• DATA FOR THIS EXERCISE:
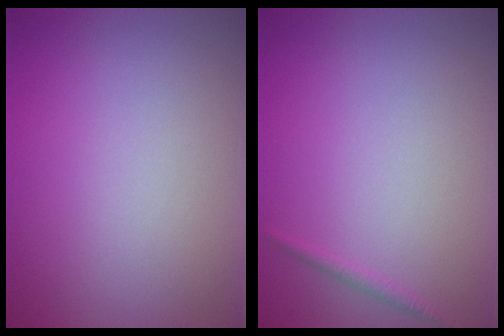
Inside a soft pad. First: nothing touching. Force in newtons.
{"total": 0.6, "press": 0.6, "slide": 0.0}
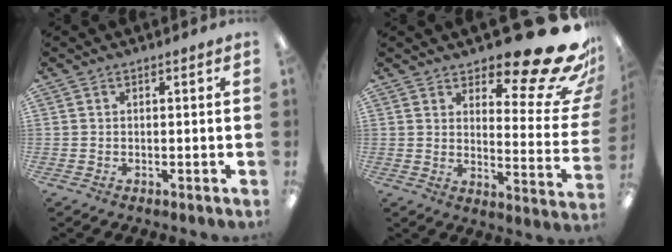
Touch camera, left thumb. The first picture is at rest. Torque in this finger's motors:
{"motor_torque": [0.37, 0.42, -0.04, -0.34, 0.05]}
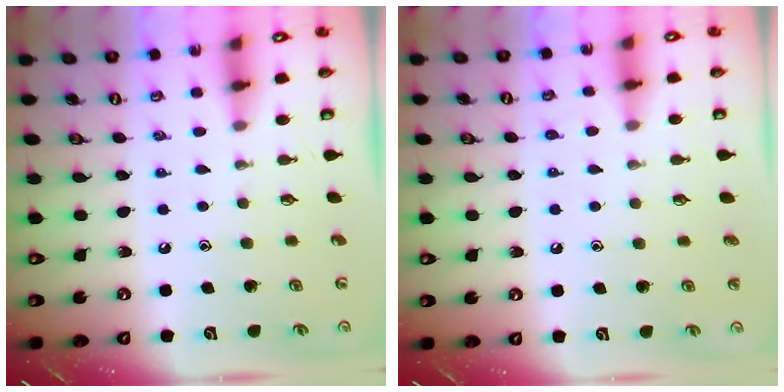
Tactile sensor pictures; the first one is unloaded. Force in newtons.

• WORK ORDER:
Restate verbatim the lines that begin at the one holding "Touch camera, left" and end at the last line of the material. Exclude pictures.

• SOLUTION TO THE PROBLEM:
Touch camera, left thumb. The first picture is at rest. Torque in this finger's motors:
{"motor_torque": [0.37, 0.42, -0.04, -0.34, 0.05]}
Tactile sensor pictures; the first one is unloaded. Force in newtons.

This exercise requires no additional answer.